Apparently, Reddy, an Internet marketing executive, dreamt one night that she was at a party where she saw a giant blue board screaming ‘single women’s club’ and girls laughing and enjoying themselves. Singhal, who relocated from California, where she worked for a strategic planning and marketing company, decided to turn that dream into a reality.

“Girls have an instinctive way of bonding and making friends. It doesn’t take them long to break the ice. They have a similar kind of energy, interests and dislikes,” says Sumitra Senapaty, a travel writer and founder of WOW, who is now headed for Greece with a 20-member women’s group. Senapaty doesn’t ever formally introduce those who holiday with her as they all meet up at the airport. But she stresses, “These women meet as strangers but part as friends.”

Her reasons for starting WOW are much the same as Singhal’s. “As a writer I travel to various parts of India and the world on assignments. During such trips, I’d notice that there are women travelling on their own and clearly enjoying it.
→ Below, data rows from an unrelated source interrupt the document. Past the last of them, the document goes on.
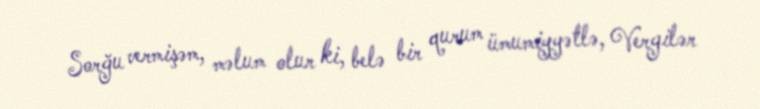
Sorğu vermişəm, məlum olur ki, belə bir qurum ümumiyyətlə, Vergilər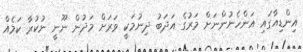
އިންޑިއާގައި އަންހެނުންނަށް މަރުގެ އަދަބު ދިނުމަކީ ވަރަށް މަދުން ނޫނީ ނުކުރާ ކަމެއް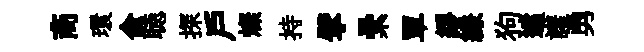
商環兪聴探戶燦持擘纍單繆縑狗遹譁勇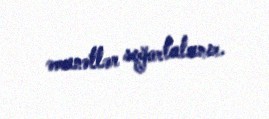
əmanətlər sığortalanır.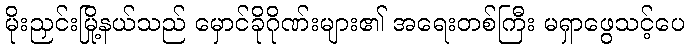
မိုးညှင်းမြို့နယ်သည် မှောင်ခိုဂိုဏ်းများ၏ အရေးတစ်ကြီး မရှာဖွေသင့်ပေ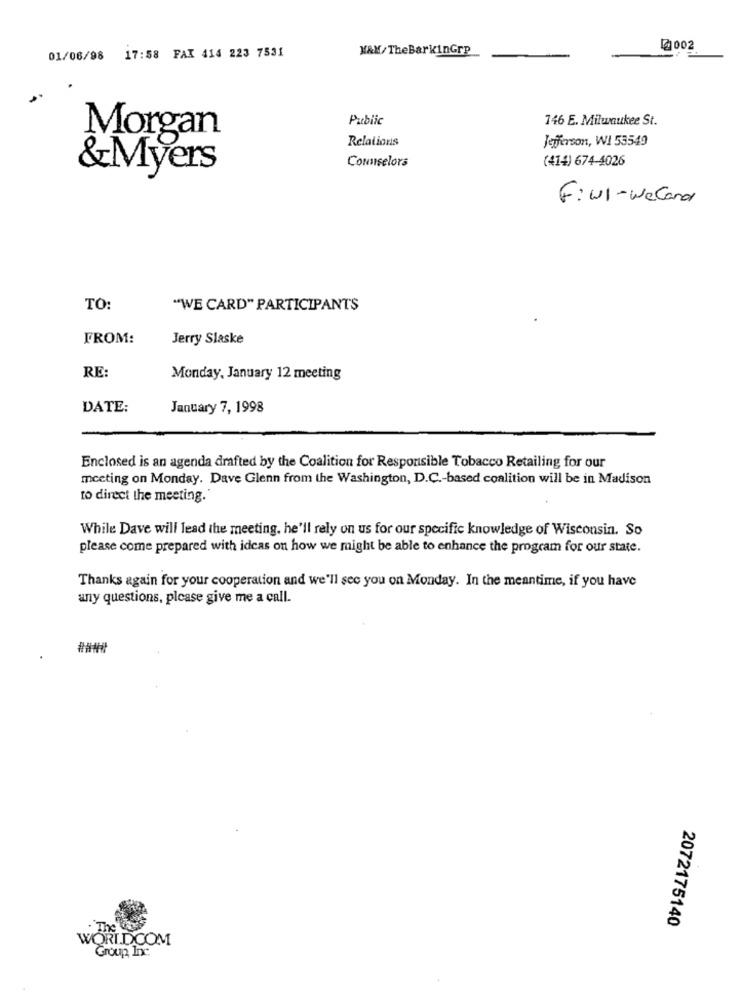
MAX/TheBarkinGrp
@002
01/06/98
17:58 FAX 414 223 7531
Public
146 E. Milumukee St.
Morgan
Relations
Jefferson, WI 53549
Counselors
(414) 674-4026
&Myers
F:Nl-Weland
TO:
"WE CARD" PARTICIPANTS
FROM:
Jerry Slaske
RE:
Monday, January 12 meeting
DATE:
January 7, 1998
Enclosed is an agenda drafted by the Coalition for Responsible Tobacco Retailing for our
meeting on Monday. Dave Glenn from the Washington, D.C .- based coalition will be in Madison
to direct the meeting.
While Dave will lead the meeting. he'll rely on us for our specific knowledge of Wisconsin. So
please come prepared with ideas on how we might be able to enhance the program for our state.
Thanks again for your cooperation and we'll see you on Monday. In the meantime, if you have
any questions, please give me a call.
2072175140
WORLDCOM
Group Inc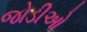
જોડીઓ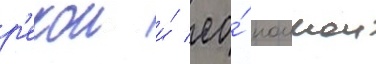
р'екои и́ ео́ поимои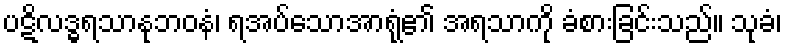
ပဋိလဒ္ဓရသာနုဘဝနံ၊ ရအပ်သောအာရုံ၏ အရသာကို ခံစားခြင်းသည်။ သုခံ၊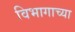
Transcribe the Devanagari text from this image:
विभागाच्‍या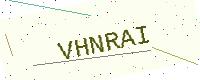
Text: VHNRAI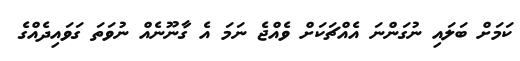
ކަމަށް ބަލައި ނުގަންނަ އެއްޗަކަށް ވެއްޖެ ނަމަ އެ ގާނޫނެއް ނުވަތަ ގަވައިދެއްގެ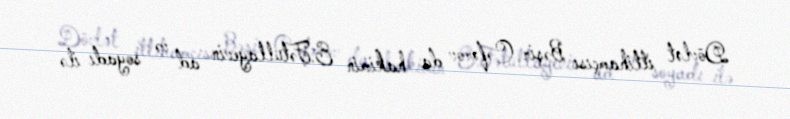
Dövlət ittihamçısı Bəşir Cəfərov da hakimin E.Fətullayevin ad və soyadı ilə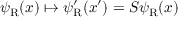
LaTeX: \psi _ { \mathrm { { R } } } ( x ) \mapsto \psi _ { \mathrm { { R } } } ^ { \prime } ( x ^ { \prime } ) = S \psi _ { \mathrm { { R } } } ( x )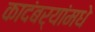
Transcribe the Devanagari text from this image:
कादंबर्‍यांमधे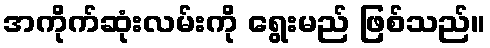
အကိုက်ဆုံးလမ်းကို ရွေးမည် ဖြစ်သည်။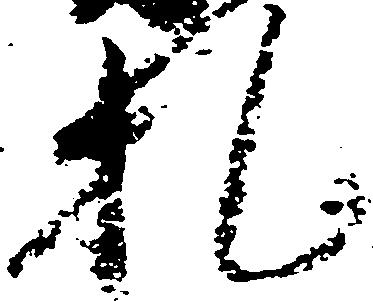
札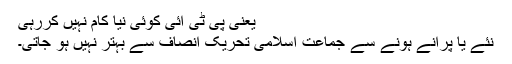
یعنی پی ٹی ائی کوئی نیا کام نہیں کررہی
نئے یا پرانے ہونے سے جماعتِ اسلامی تحریکِ انصاف سے بہتر نہیں ہو جاتی۔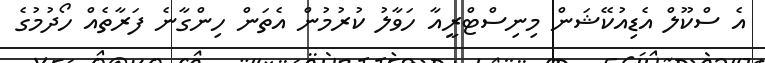
އެ ސްކޫލް އެޑިއުކޭޝަން މިނިސްޓްރީއާ ހަވާލު ކުރުމުން އެތަން ހިންގާނެ ފަރާތެއް ހޯދުމުގެ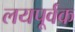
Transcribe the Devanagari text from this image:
लयपूर्वक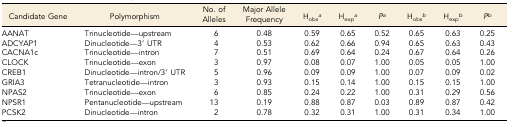
<table><thead><tr><td><b>Candidate Gene</b></td><td><b>Polymorphism</b></td><td><b>No. of Alleles</b></td><td><b>Major Allele Frequency</b></td><td><b>H<sub>obs</sub><i><sup>a</sup></i></b></td><td><b>H<sub>exp</sub><i><sup>a</sup></i></b></td><td><b><i>P</i><i><sup>a</sup></i></b></td><td><b>H<sub>obs</sub><i><sup>b</sup></i></b></td><td><b>H<sub>exp</sub><i><sup>b</sup></i></b></td><td><b><i>P</i><i><sup>b</sup></i></b></td></tr></thead><tbody><tr><td>AANAT</td><td>Trinucleotide—upstream</td><td>6</td><td>0.48</td><td>0.59</td><td>0.65</td><td>0.52</td><td>0.65</td><td>0.63</td><td>0.25</td></tr><tr><td>ADCYAP1</td><td>Dinucleotide—3′ UTR</td><td>4</td><td>0.53</td><td>0.62</td><td>0.66</td><td>0.94</td><td>0.65</td><td>0.63</td><td>0.43</td></tr><tr><td>CACNA1c</td><td>Trinucleotide—intron</td><td>7</td><td>0.51</td><td>0.69</td><td>0.64</td><td>0.24</td><td>0.67</td><td>0.64</td><td>0.26</td></tr><tr><td>CLOCK</td><td>Trinucleotide—exon</td><td>3</td><td>0.97</td><td>0.08</td><td>0.07</td><td>1.00</td><td>0.05</td><td>0.05</td><td>1.00</td></tr><tr><td>CREB1</td><td>Dinucleotide—intron/3′ UTR</td><td>5</td><td>0.96</td><td>0.09</td><td>0.09</td><td>1.00</td><td>0.07</td><td>0.09</td><td>0.02</td></tr><tr><td>GRIA3</td><td>Tetranucleotide—intron</td><td>3</td><td>0.93</td><td>0.15</td><td>0.14</td><td>1.00</td><td>0.15</td><td>0.15</td><td>1.00</td></tr><tr><td>NPAS2</td><td>Trinucleotide—exon</td><td>6</td><td>0.85</td><td>0.24</td><td>0.22</td><td>1.00</td><td>0.31</td><td>0.29</td><td>0.56</td></tr><tr><td>NPSR1</td><td>Pentanucleotide—upstream</td><td>13</td><td>0.19</td><td>0.88</td><td>0.87</td><td>0.03</td><td>0.89</td><td>0.87</td><td>0.42</td></tr><tr><td>PCSK2</td><td>Dinucleotide—intron</td><td>2</td><td>0.78</td><td>0.32</td><td>0.31</td><td>1.00</td><td>0.31</td><td>0.34</td><td>1.00</td></tr></tbody></table>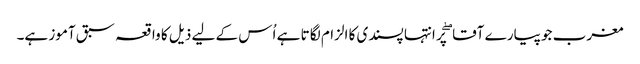
مغرب جو پیارے آقا ۖ پر انتہا پسندی کا الزام لگا تا ہے اُس کے لیے ذیل کا واقعہ سبق آموز ہے۔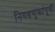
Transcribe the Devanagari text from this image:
निवडणूकांपूर्वी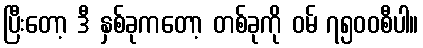
ပြီးတော့ ဒီ နှစ်ခုကတော့ တစ်ခုကို ဝမ် ၇၅၀၀စီပါ။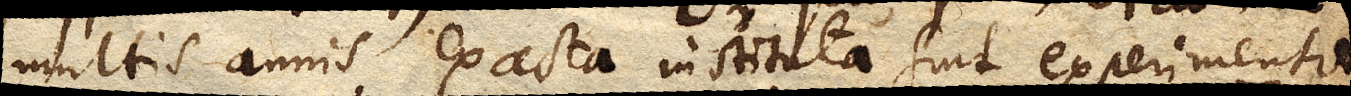
multis annis exacta instituta sint experimenta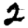
Digit: 2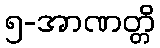
၅-အာဏတ္တိ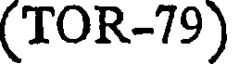
(TOR-79)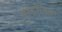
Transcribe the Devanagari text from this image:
गॉडज़िला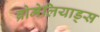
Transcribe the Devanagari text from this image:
ब्रोमेलियाड्स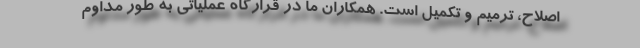
اصلاح، ترمیم و تکمیل است. همکاران ما در قرارگاه عملیاتی به طور مداوم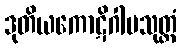
ဒုတိယကောဋိဂါမသုတ္တံ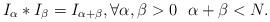
LaTeX: \begin{align*}I_\alpha \ast I_\beta = I_{\alpha+\beta}, \forall \alpha, \beta > 0~~\alpha + \beta < N.\end{align*}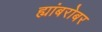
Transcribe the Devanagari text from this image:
ह्यांबरोबर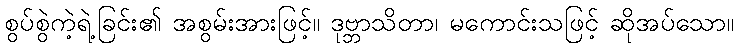
စွပ်စွဲကဲ့ရဲ့ခြင်း၏ အစွမ်းအားဖြင့်။ ဒုဗ္ဘာသိတာ၊ မကောင်းသဖြင့် ဆိုအပ်သော။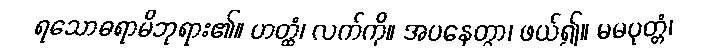
ရသောဓရာမိဘုရား၏။ ဟတ္ထံ၊ လက်ကို။ အပနေတွာ၊ ဖယ်၍။ မမပုတ္တံ၊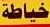
خیاطة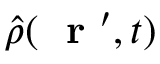
\hat { \rho } ( \mathrm { ~ \bf ~ r ~ } ^ { \prime } , t )

But this kind of a thing does not happen in India. So I thought of starting WOW for solo women travel, but in a group situation, wherein safety and security are top priorities.”

Her first women-only trip was a family trip to Kerala. “We had fun talking into the wee hours of the morning and speaking of things we wouldn’t have with the men around,” she recalls.

It is perhaps to cash in on this female camaraderie that the radio station Meow FM, targeted at women, was launched in Delhi in end-May. Like all other Western imports, it seems to have paid off — according to the radio station, it has already overshot the advertising revenue targets by five to six per cent.

Anil Srivatsa, COO of the station, however, insists that the channel is not perpetuating a stereotype though it hinges on talk — considered a woman’s monopoly. “It is not a comparison of cats to women or doesn’t aim to portray women as talkers,” he says. “Women are getting more assertive, more vocal and the environment has to change and is changing to accommodate the need. Women are the new consumers.”

There is some truth in that. As Senapaty underlines, there has been a significant change in the mindset of a woman. “When I’d started out, two years ago, the women who travelled with me suffered from guilt pangs. They didn’t quite feel it right to leave behind their family and go on a holiday all on their own. But today, women who join me feel they have earned the holiday. They have the buying power, and they usually do it on their own steam. So they perceive the holiday as a refreshing break and it helps them recharge their batteries.”

The fact that more women are opting for such avenues which are shorn of romantic or emotional entanglements is also evident in the fact that e-mail applications have been pouring in since word got around about the single women’s club. “We received about 1,000 e-mails from Delhi alone,” says Singhal. “Thousands of women in the 35 to 45 age group have also applied, so we may increase the limit to 40 or 45.” Most applicants are professionals who will be screened by skype video chats. The club plans to branch out in Mumbai, Calcutta, Bangalore, Hyderabad and Chennai.

One reason for the surplus demand is perhaps because the aim of this club is to provide an informal meeting ground, free of cost, for single women in India, who are looking for company and enjoy partying, dancing and nightlife. “But it’s the members who have to arrange for the food and venue for the parties voluntarily on a rotation basis,” stresses Singhal. “The club plans to arrange one event every weekend, including dances, male strippers, male body-builders contest and other avenues of companionship for females,” says the membership invitation. “Males can join as associate members who can be invited to the parties or as strippers.”

It’s time then for The Full Monty. Just that it’s for real, and the slogan is a simple ‘Girls R Us’.